Miller now chairs his 108-year-old firm’s entertainment law department, and offers full-service representation to a deep client pool, from established thesps (Courtney B. Vance) to reality stars (NeNe Leakes) to megachurchman T.D. Jakes, whose chat show is due to bow in September.
“For the first time a station group [Tegna Media] is actually underwriting a talk show,” Miller says. “We’re going to change the game of daytime syndication.”
He’s also out to change the game for minorities underrepresented in the legal profession. Miller urges young people to “get committed to learning, building your skill set, and building relationships,” he says. “For people of color it’s very difficult to get invited to the party. You have to make a strategic effort to find out where things are that you can be part of.”

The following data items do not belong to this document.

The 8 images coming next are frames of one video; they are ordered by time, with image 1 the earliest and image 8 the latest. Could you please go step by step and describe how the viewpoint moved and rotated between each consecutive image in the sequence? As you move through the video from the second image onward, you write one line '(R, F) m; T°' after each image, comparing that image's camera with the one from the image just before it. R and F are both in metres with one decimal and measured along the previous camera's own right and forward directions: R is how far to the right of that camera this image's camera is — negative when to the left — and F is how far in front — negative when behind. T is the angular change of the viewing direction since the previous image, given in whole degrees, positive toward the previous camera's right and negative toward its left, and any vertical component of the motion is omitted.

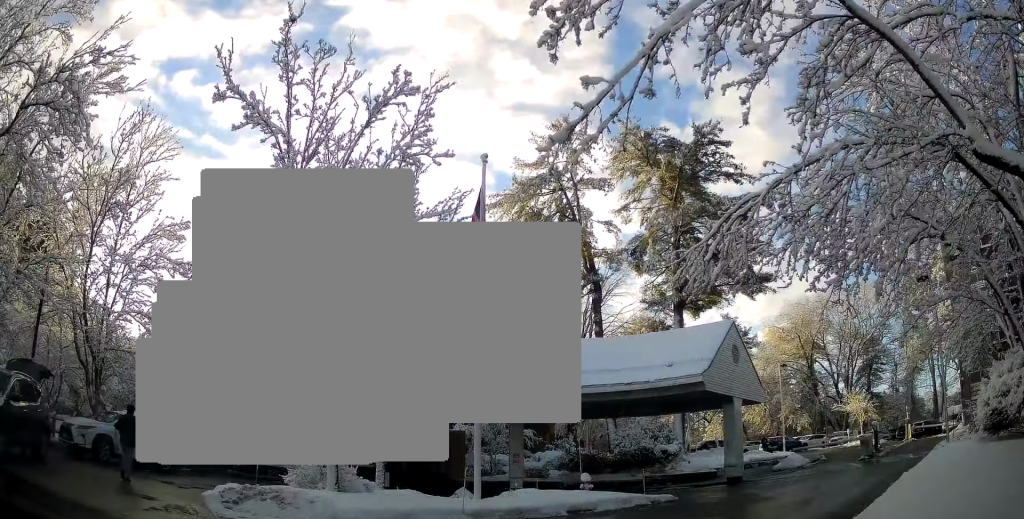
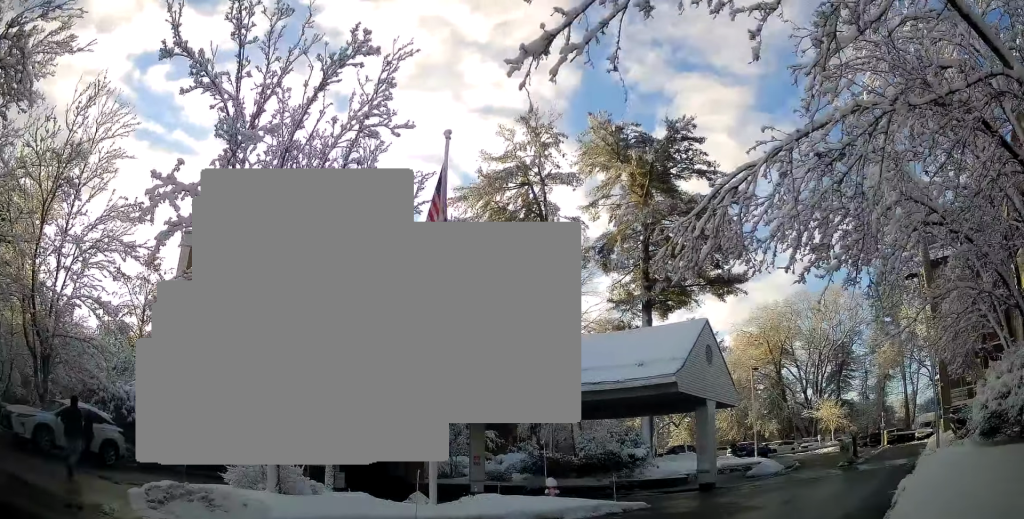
(0.0, +1.9) m; +3°
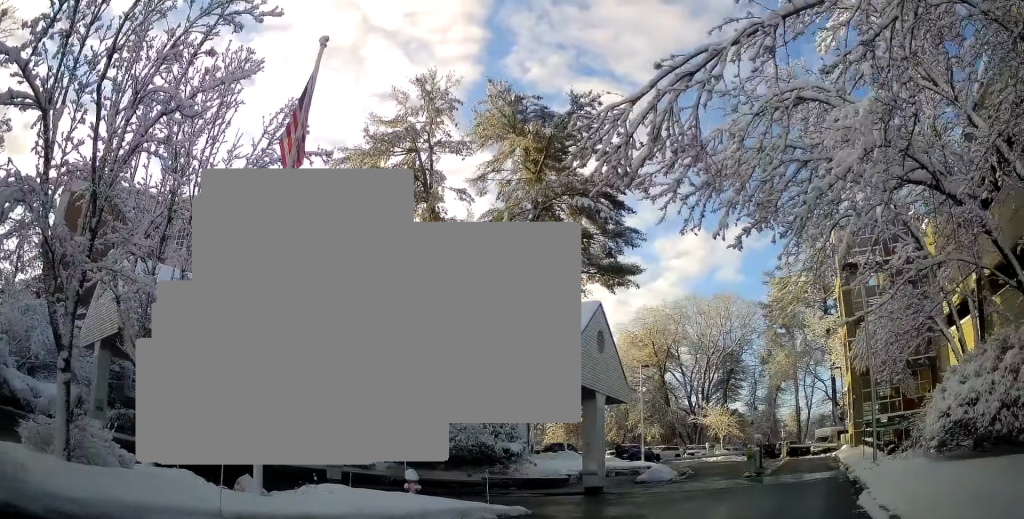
(+0.2, +3.9) m; +4°
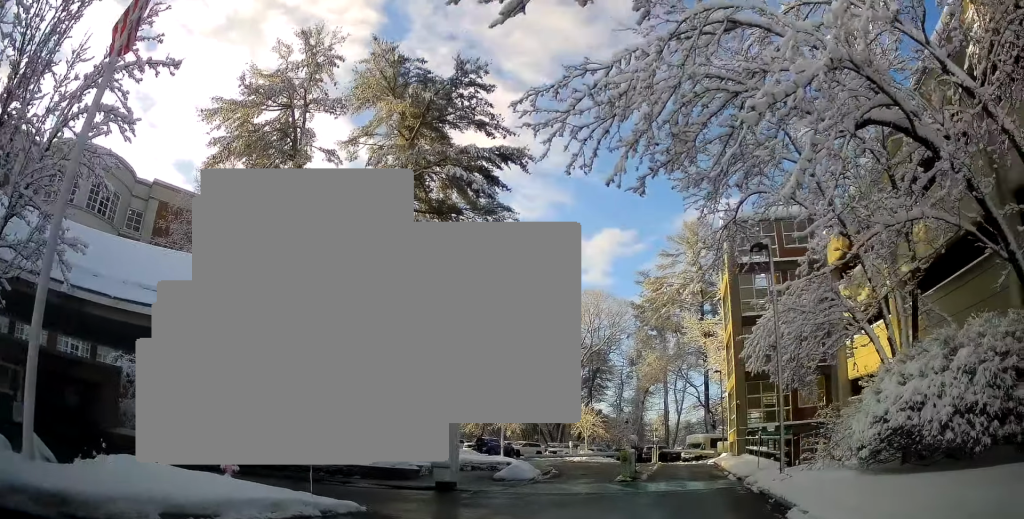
(0.0, +2.8) m; +6°
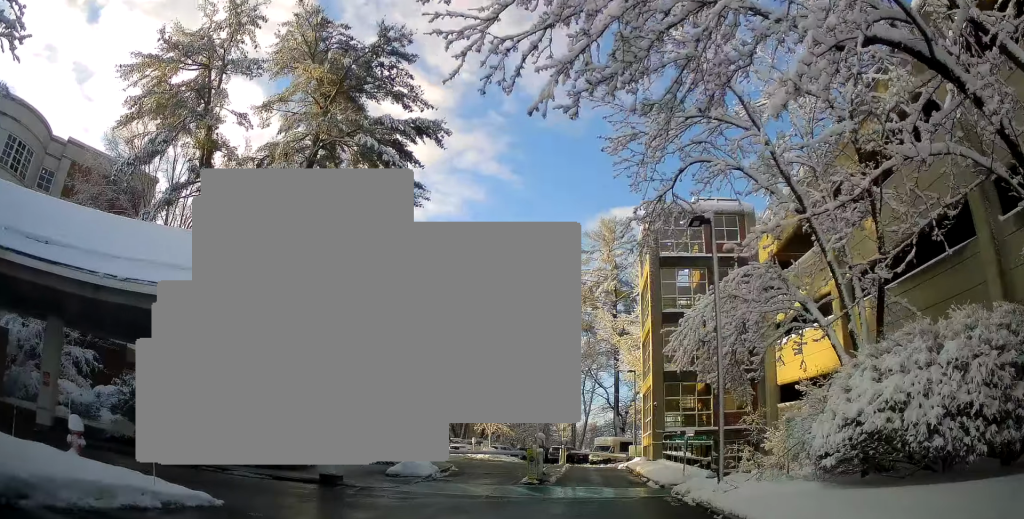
(+0.3, +2.3) m; +5°
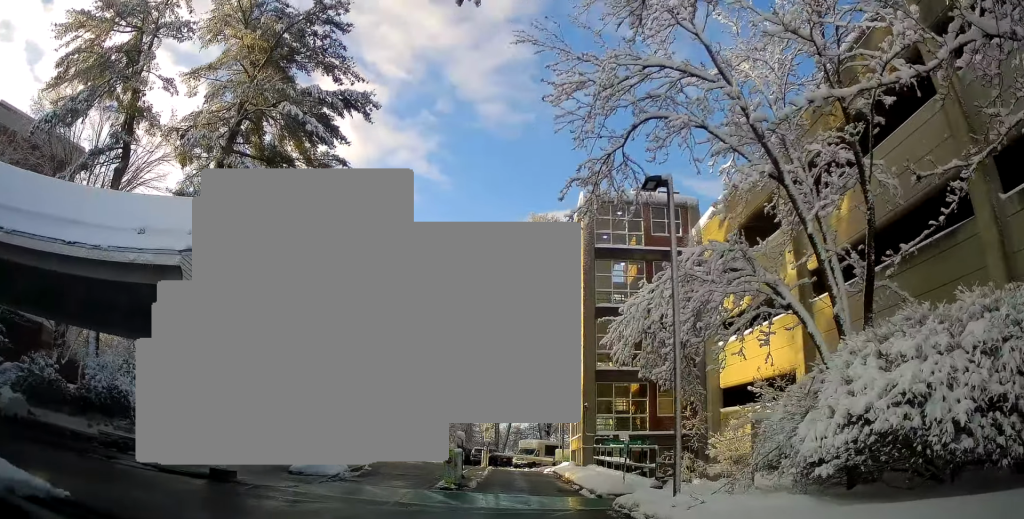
(+0.1, +2.4) m; +7°
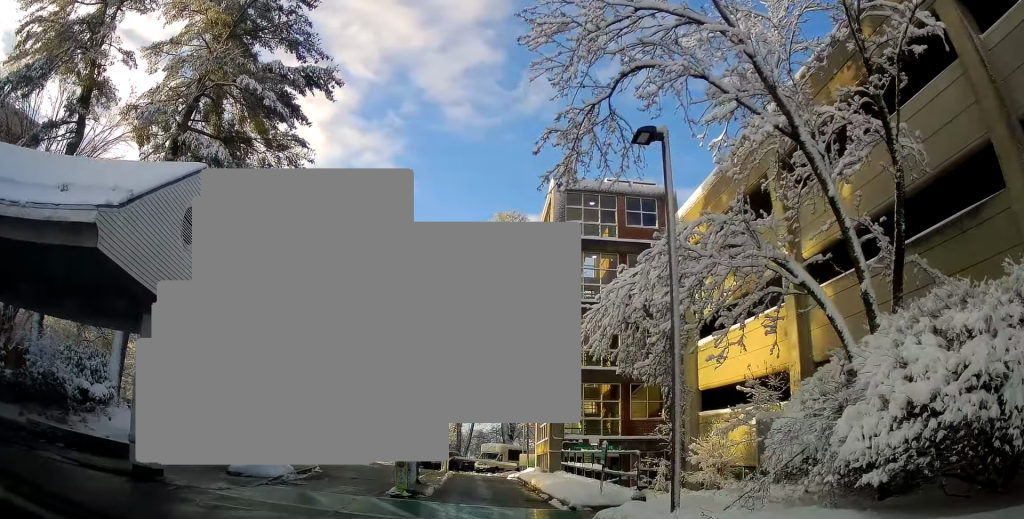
(-0.2, +2.2) m; +9°
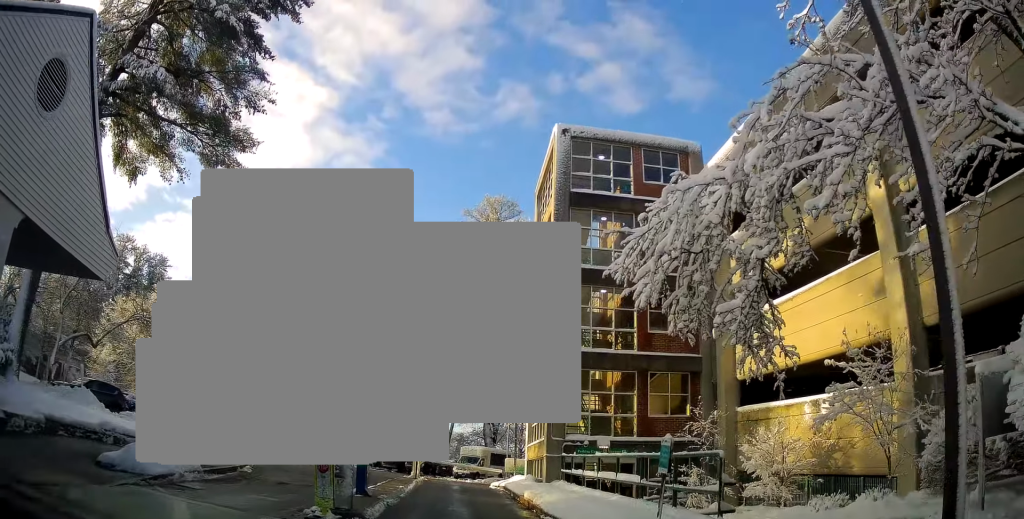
(+0.8, +6.6) m; -2°

At the same time, those in power “have to step out of their bubble and build bridges of communication,” making the physical effort “to place themselves where they can actually interact with African-Americans, Asians, Latinos outside of their comfort zone.” (There’ll be more walking the walk, he implies, when commercial pressures force the issue.)
A student of Hollywood’s Golden Age moguls — the Disneys, Goldwyns, and Cohns — Miller tries to follow their visionary habit of challenging past paradigms.
“I constantly think beyond where I am, and I try very hard to put a plan in place to get to that next space. I’ve never felt like I was the smartest. I’ve never felt like I was the most connected, and I surely wasn’t the most well-prepared.
But I worked harder than most, and I’ve been more committed to figuring out an alternative way to success, even if I can’t go through the front door.”
It all started with the stage door. But the Beverly Hills Bar Assn.’s Entertainment Lawyer of the Year is decidedly entering the front door now.